• _What you have to do_
For the entries below, the expected answer is the line with "cover by kind: herbaceous plants 85", the line with "longitude: 28.2180", and every line between them, exactly as written, and nothing more.

Records contained in a dataset
Content starts

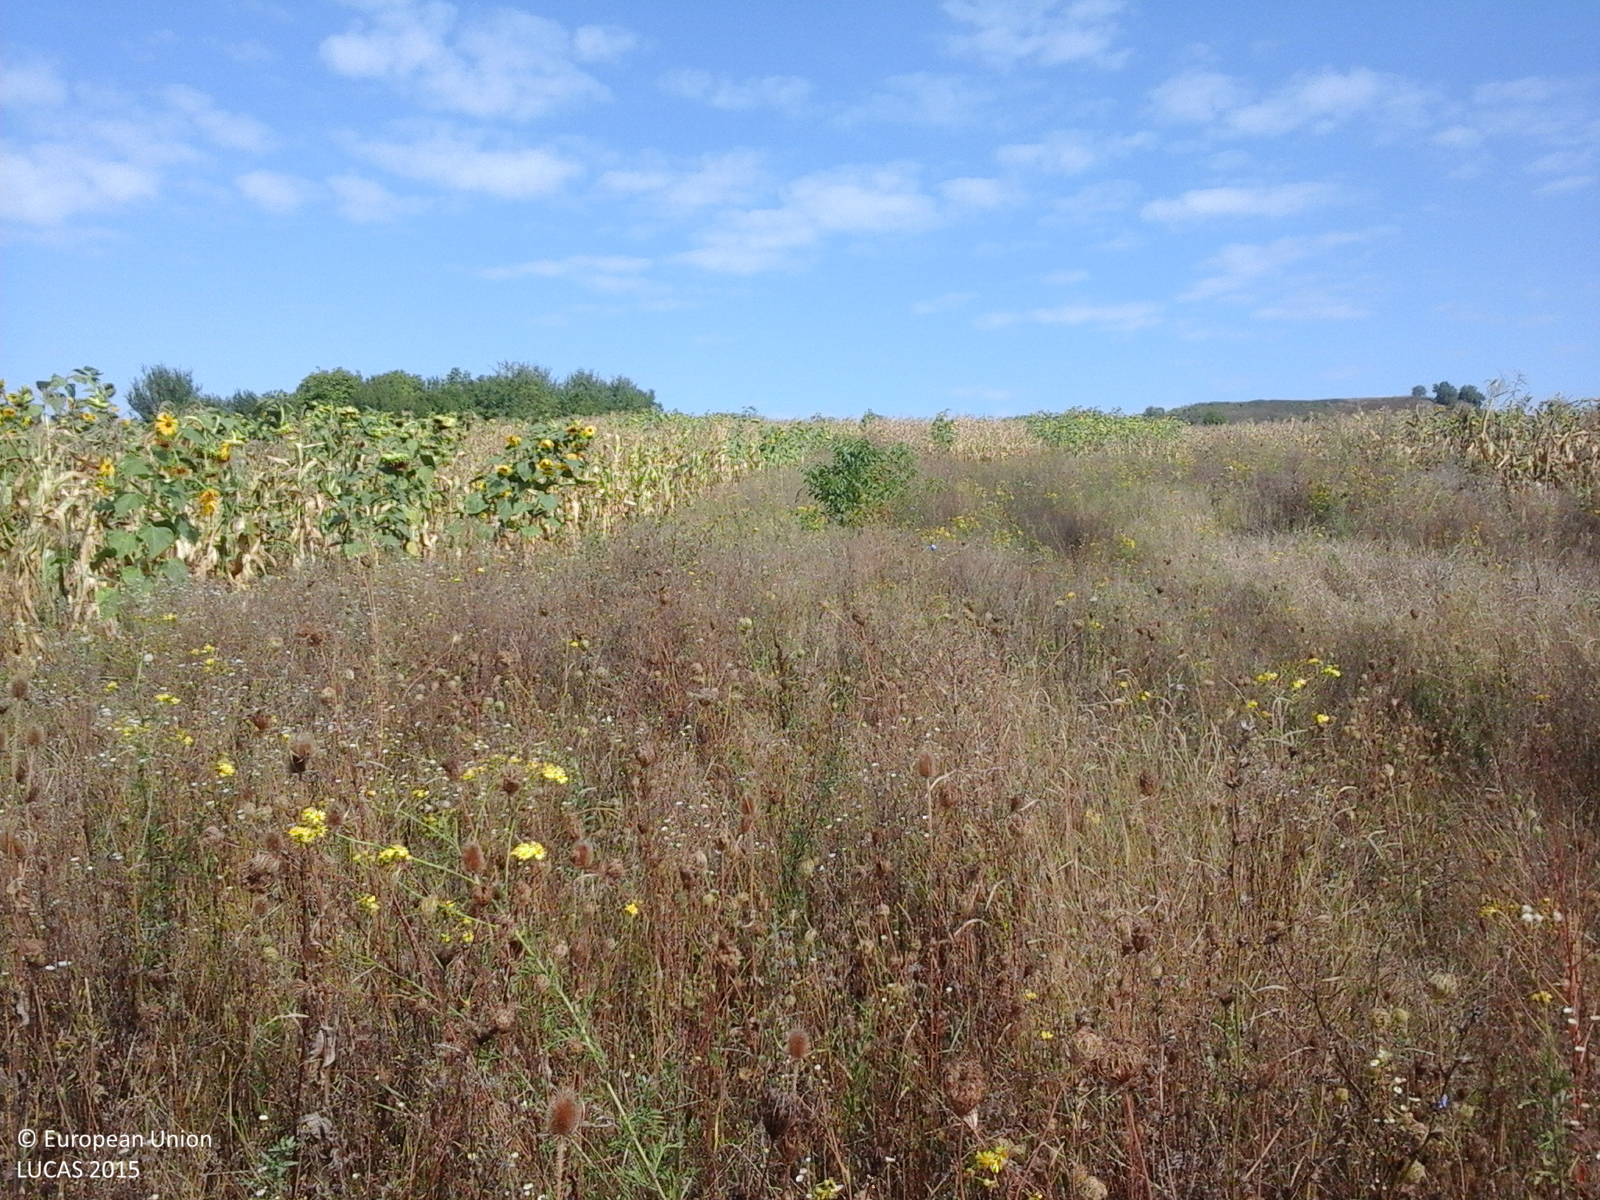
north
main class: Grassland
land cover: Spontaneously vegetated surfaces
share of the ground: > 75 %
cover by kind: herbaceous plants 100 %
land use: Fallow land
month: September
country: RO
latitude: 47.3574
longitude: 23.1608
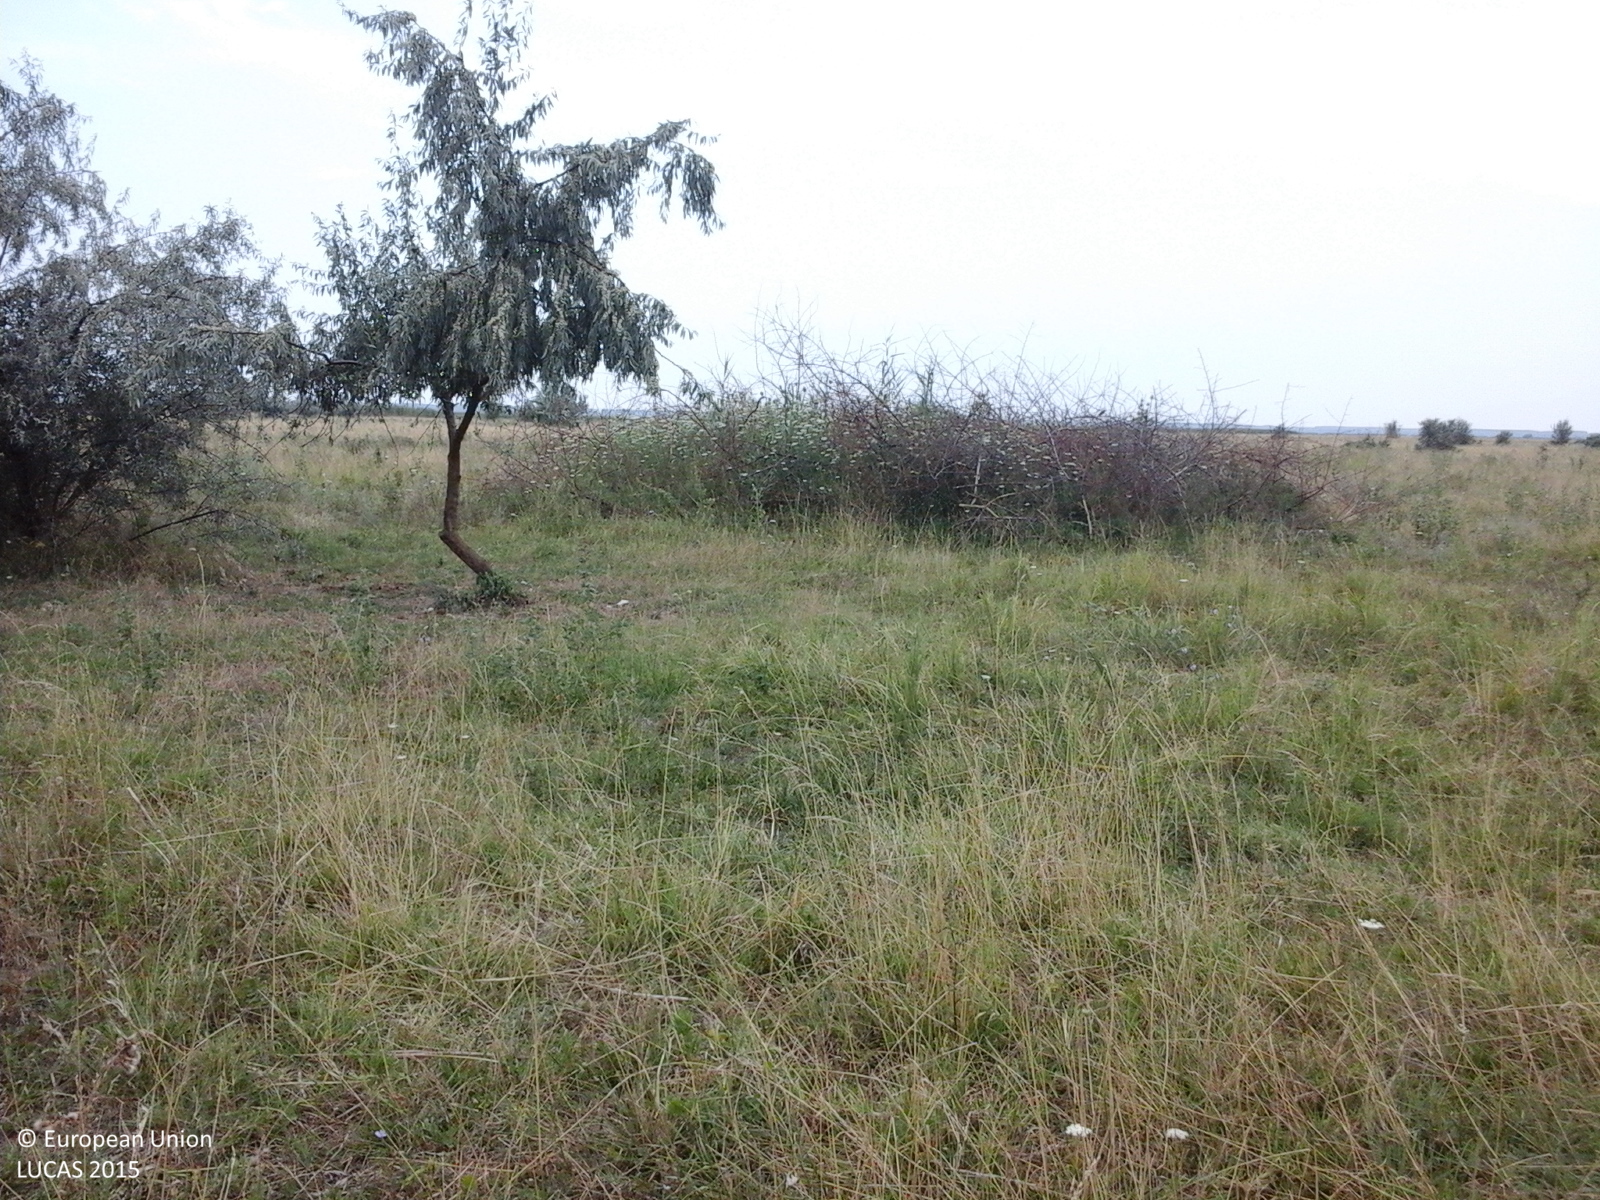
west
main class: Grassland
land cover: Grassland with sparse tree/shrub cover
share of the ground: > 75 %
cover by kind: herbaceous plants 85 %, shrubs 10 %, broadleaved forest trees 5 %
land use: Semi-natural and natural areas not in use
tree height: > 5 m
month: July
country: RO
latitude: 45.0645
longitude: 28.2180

Content ends
Content starts

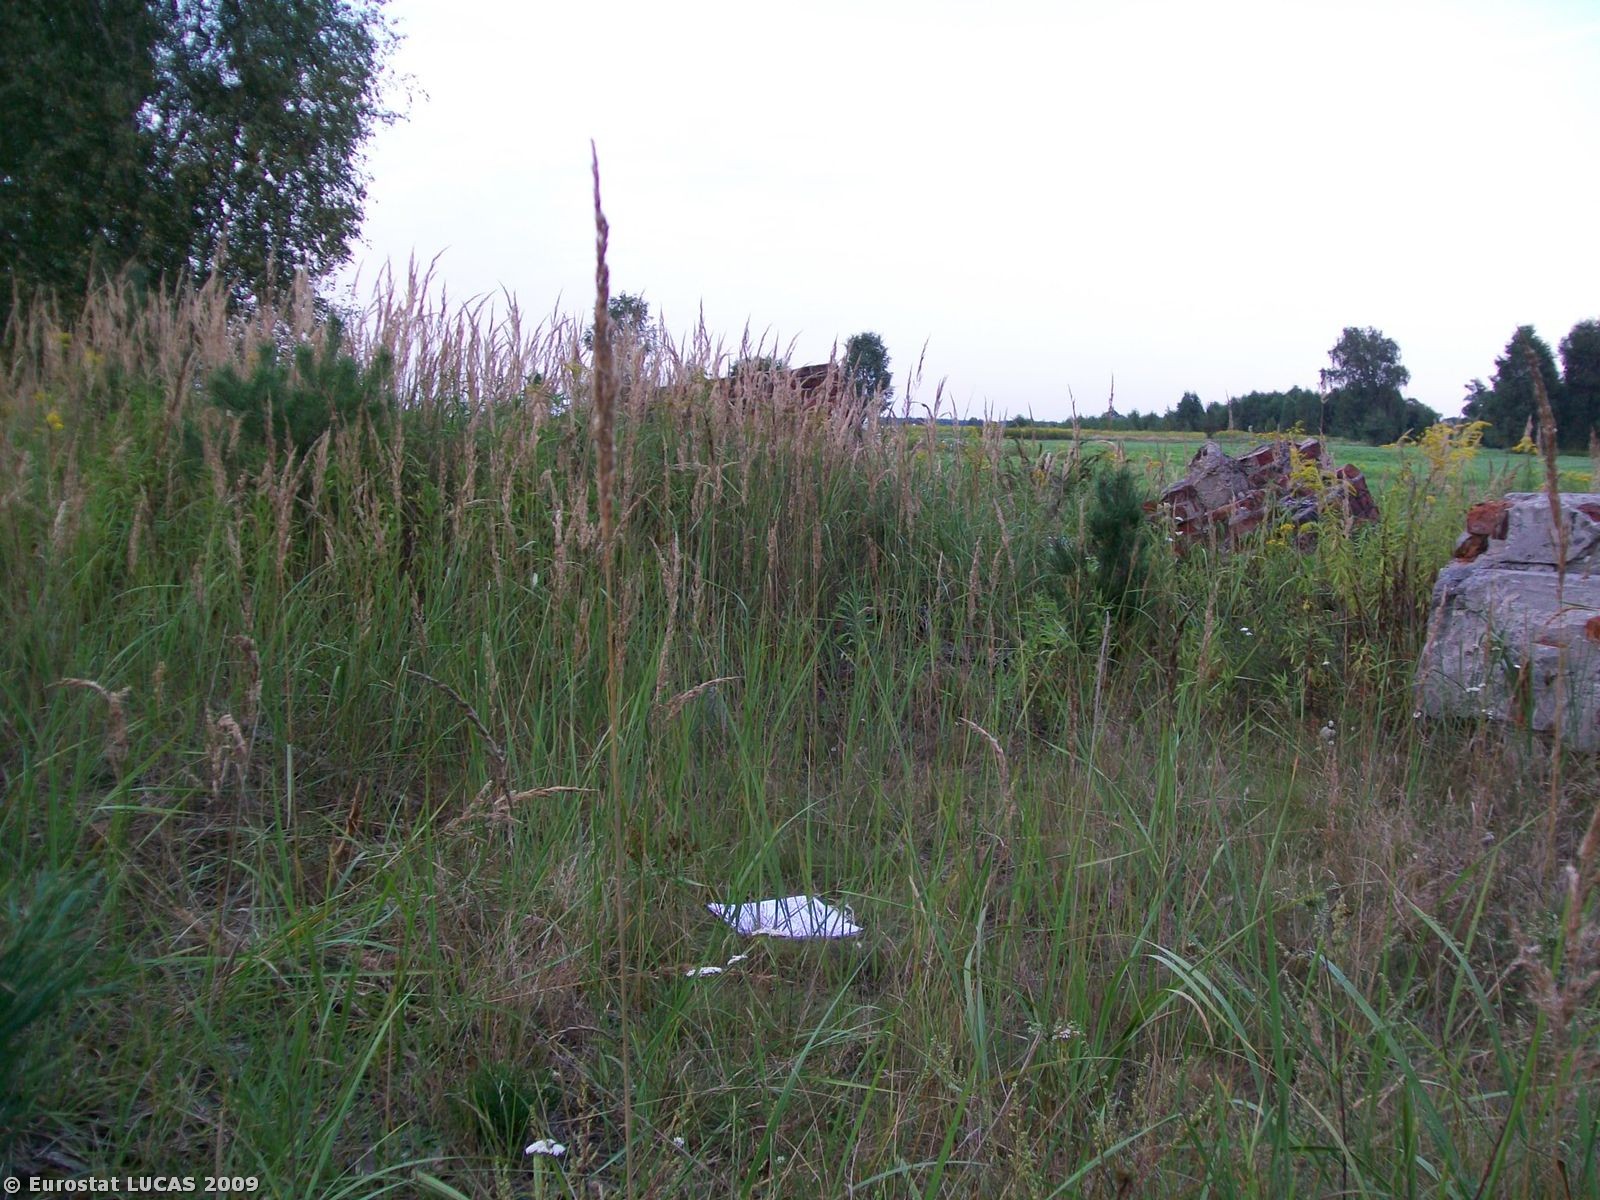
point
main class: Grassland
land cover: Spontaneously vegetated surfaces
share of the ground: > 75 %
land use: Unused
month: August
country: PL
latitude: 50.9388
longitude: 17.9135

Content ends

• _The answer_
cover by kind: herbaceous plants 85 %, shrubs 10 %, broadleaved forest trees 5 %
land use: Semi-natural and natural areas not in use
tree height: > 5 m
month: July
country: RO
latitude: 45.0645
longitude: 28.2180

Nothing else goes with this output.